Über uns

 

Die zwei Zweibeiner des Rudels sind ich, Stephie, und mein Lieblingsmann.
Ich habe Hunde schon immer geliebt und wuchs mit einer Meute Bobtails auf. Mein Mann hatte niemals Haustiere bevor er mich traf (O.k. auf seinen Wunsch: Er hatte eine Schildkröte als Kind ♥) und sagte frei heraus, dass ich mich zwischen ihm und einem möglichen Hund entscheiden müsse. Er wäre niemals damit einverstanden, dass ein Hund bei uns einzieht.

Vor 18 Jahren schaffte ich es dann, ihn ins Tierheim Süderstraße zu locken und da war sie, Ronja, unser erster gemeinsamer Hund. Für meinen Mann war es Liebe auf den ersten Blick. Wir haben sie noch am selben Tag mit nach Hause genommen und in der ersten Nacht schlief mein Mann neben ihrem schnell im Zoogeschäft gekauften Körbchen auf dem Fußboden, da er dachte, sie würde sich sonst einsam fühlen. Ins Bett sollte sie schließlich niemals! Es kam wie es kommen musste, das war ihre erste und letzte Nacht auf dem Boden.

Ein paar Jahre später kam dann Labrador Paula als Zweithund und 2nd chance dog dazu.

Nach Ronjas Tod wollten wir mal einen Hund von einem verantwortungsbewussten Züchter. Schauen, wie es so ist, wenn das Tier bisher nur Gutes erlebt hatte. Nach einiger Recherche und Überredungsarbeit meinerseits entschieden wir uns für einen Australian Shepherd. Wir fuhren zum Züchter, eigentlich, um uns Welpen anzusehen. Aber dort begrüßte uns ein sechs Monate alter Aussie, in den ich mich direkt verliebte. Nach unserem zweiten Besuch nahmen wir ihn mit nach Hause. Jamie war ein fröhlicher und lustiger Hund, mit dem wir viel Spaß hatten. Leider starb er dieses Jahr, viel zu früh, kurz nach seinem sechsten Geburtstag.

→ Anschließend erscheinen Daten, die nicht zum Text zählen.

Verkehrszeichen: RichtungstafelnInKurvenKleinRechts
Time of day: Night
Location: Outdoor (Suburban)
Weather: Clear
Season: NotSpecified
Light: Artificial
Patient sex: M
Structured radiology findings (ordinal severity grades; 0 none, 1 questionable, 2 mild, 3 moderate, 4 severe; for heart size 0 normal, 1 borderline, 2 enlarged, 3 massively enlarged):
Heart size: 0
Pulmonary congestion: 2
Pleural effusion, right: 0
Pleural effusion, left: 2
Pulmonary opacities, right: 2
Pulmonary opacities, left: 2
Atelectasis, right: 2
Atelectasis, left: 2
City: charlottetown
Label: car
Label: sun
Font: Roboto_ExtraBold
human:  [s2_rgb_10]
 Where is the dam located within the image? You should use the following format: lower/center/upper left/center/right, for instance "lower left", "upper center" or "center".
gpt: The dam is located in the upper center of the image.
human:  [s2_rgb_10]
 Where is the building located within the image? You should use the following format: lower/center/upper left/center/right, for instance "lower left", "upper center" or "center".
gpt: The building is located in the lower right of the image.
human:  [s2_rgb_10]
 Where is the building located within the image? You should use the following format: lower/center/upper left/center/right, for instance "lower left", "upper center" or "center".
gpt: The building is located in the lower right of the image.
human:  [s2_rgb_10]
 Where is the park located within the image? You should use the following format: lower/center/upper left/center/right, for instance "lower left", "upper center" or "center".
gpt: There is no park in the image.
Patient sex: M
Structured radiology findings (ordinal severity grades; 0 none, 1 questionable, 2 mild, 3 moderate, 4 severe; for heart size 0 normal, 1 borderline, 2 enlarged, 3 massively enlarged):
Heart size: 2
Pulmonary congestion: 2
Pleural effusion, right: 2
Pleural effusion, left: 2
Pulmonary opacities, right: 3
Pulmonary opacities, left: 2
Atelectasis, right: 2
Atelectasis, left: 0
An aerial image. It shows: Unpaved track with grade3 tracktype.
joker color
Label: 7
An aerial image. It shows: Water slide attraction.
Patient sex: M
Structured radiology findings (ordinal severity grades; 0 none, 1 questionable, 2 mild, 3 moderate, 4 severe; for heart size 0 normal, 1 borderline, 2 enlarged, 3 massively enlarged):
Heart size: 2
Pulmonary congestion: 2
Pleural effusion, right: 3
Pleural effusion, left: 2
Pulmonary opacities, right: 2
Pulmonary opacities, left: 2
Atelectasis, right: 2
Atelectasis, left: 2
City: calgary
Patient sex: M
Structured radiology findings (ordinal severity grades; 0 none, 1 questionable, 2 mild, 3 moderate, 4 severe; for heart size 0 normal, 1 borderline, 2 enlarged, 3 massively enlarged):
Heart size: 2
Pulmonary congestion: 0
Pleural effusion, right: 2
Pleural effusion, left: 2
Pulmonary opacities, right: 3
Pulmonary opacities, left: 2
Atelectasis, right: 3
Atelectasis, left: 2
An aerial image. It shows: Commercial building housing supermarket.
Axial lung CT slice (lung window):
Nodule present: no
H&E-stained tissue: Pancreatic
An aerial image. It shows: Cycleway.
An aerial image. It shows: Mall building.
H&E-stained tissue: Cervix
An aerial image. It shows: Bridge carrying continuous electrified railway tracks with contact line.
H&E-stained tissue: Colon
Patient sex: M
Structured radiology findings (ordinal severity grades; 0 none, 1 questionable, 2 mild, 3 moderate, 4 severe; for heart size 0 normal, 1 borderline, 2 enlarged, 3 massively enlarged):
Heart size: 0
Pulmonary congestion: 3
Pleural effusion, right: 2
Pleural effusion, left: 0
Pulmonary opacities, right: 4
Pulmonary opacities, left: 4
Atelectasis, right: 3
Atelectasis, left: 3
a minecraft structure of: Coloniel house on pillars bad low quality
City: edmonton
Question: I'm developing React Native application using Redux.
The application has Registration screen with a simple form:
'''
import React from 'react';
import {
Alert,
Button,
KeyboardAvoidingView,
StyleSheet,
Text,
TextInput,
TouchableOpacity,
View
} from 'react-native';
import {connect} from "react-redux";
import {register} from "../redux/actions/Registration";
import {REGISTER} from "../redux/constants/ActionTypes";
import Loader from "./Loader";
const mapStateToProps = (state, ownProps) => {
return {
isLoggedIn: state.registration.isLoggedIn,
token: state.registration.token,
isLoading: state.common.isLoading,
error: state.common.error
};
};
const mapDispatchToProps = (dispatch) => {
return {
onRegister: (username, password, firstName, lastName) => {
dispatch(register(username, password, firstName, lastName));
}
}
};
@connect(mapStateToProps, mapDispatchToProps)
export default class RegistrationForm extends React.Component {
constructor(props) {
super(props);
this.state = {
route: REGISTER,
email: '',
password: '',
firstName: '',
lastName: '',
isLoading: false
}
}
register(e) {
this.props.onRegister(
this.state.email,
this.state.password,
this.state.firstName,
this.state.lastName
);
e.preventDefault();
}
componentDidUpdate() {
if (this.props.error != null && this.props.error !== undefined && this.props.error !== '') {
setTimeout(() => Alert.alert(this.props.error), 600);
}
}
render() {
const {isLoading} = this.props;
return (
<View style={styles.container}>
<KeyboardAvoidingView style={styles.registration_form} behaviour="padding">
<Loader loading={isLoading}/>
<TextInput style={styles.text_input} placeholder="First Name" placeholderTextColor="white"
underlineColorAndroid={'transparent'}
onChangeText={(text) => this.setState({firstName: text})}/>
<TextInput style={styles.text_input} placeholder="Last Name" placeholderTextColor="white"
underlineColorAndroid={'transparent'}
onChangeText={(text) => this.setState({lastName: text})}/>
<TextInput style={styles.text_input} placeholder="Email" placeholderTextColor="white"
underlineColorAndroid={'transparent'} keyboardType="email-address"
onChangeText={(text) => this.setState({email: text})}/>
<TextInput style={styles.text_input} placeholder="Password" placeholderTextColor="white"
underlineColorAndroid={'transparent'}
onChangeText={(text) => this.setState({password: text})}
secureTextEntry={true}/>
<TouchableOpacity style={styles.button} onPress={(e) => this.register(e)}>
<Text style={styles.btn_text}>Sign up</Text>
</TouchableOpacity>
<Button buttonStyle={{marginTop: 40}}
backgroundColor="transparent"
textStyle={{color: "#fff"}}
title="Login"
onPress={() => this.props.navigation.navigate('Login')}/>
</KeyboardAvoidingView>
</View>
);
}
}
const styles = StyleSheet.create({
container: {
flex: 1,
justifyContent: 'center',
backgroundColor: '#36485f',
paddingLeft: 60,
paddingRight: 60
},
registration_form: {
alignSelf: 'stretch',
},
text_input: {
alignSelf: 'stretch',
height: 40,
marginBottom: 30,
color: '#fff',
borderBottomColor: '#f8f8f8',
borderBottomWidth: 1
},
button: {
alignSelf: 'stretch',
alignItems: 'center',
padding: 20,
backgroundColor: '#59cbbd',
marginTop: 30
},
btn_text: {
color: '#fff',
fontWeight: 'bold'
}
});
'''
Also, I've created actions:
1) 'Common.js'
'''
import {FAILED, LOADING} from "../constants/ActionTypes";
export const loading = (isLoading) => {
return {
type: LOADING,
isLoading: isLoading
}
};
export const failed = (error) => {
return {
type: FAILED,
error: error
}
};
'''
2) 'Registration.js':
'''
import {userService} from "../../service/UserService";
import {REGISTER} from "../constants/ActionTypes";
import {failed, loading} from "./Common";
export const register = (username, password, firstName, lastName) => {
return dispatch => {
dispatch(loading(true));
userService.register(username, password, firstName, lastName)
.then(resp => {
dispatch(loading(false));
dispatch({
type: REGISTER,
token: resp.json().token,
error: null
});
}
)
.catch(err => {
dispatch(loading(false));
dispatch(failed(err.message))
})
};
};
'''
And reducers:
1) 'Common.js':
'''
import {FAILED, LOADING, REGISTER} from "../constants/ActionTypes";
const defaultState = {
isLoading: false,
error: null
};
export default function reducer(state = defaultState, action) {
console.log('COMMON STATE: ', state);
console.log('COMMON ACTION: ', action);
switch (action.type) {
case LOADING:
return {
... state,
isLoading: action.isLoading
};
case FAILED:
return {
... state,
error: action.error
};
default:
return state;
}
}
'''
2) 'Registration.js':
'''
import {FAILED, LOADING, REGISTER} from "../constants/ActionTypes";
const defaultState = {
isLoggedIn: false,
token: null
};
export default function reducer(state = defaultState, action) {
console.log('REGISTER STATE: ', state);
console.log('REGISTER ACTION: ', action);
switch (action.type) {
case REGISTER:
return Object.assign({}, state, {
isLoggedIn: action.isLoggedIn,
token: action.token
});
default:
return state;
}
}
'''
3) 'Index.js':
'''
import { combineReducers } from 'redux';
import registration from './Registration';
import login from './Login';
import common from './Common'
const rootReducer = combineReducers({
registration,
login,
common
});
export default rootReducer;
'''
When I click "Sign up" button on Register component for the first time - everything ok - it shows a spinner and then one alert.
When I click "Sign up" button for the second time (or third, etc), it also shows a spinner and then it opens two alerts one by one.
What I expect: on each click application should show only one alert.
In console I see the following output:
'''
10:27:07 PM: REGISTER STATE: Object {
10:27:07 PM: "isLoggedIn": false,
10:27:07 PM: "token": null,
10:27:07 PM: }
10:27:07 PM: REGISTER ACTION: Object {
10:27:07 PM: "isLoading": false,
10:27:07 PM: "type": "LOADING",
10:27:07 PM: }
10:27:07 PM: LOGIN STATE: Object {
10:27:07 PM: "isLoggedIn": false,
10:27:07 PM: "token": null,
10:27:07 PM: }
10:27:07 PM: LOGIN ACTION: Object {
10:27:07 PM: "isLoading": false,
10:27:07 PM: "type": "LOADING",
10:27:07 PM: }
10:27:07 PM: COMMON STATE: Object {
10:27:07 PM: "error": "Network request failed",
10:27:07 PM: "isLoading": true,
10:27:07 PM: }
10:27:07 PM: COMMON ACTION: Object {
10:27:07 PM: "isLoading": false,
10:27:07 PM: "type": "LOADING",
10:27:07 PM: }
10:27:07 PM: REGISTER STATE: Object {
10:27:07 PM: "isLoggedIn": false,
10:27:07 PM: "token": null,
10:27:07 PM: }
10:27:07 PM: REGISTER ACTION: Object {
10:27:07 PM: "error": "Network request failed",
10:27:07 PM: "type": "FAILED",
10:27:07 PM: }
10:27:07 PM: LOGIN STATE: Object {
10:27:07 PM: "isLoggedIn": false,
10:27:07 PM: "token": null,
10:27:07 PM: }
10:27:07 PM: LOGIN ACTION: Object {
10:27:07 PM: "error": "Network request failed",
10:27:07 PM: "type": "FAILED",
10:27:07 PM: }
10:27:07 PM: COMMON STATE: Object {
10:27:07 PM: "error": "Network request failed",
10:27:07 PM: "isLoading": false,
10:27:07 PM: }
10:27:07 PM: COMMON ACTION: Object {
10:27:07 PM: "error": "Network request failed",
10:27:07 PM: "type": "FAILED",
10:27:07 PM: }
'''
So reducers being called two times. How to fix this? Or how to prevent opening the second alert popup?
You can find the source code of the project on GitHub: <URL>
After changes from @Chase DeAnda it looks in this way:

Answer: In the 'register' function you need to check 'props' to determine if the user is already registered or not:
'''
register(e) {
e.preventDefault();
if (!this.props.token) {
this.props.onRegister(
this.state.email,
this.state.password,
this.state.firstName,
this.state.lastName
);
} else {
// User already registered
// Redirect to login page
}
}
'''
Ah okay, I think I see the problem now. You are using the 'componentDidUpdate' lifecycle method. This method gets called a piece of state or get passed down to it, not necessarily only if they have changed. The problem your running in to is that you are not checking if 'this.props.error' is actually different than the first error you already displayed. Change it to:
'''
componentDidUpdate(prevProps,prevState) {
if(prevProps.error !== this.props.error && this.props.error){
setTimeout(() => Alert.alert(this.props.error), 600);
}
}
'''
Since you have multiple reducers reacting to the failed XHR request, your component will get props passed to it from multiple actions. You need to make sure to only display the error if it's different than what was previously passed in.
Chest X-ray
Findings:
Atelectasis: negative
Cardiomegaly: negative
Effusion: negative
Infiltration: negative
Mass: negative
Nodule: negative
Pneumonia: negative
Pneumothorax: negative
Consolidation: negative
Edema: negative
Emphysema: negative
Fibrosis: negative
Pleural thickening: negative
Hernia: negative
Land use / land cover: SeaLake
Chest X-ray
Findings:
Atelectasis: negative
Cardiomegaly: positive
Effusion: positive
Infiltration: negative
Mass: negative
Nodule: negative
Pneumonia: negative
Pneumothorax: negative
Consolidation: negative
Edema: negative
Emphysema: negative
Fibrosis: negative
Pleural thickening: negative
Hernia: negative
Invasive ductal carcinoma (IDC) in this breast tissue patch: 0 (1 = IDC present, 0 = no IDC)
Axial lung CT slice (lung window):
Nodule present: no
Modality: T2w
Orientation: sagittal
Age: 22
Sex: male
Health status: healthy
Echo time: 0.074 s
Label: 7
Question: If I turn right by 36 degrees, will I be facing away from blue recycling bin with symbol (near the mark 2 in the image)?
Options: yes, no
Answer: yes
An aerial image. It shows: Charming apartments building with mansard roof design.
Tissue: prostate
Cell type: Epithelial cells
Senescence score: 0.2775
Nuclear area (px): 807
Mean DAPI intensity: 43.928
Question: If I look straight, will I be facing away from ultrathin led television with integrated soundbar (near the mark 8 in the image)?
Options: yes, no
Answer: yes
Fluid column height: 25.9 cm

Zwei Monate vor Jamies Tod überredete unsere Tierärztin uns, einen rumänischen Straßenhund aufzunehmen. Wir sollten nur eine Pflegestelle sein, bis ein endgültiges Zuhause für ihn gefunden wäre. Aber schon nach zwei Tagen konnten wir ihn nicht mehr hergeben und so ergänzte Enkidu unser Rudel.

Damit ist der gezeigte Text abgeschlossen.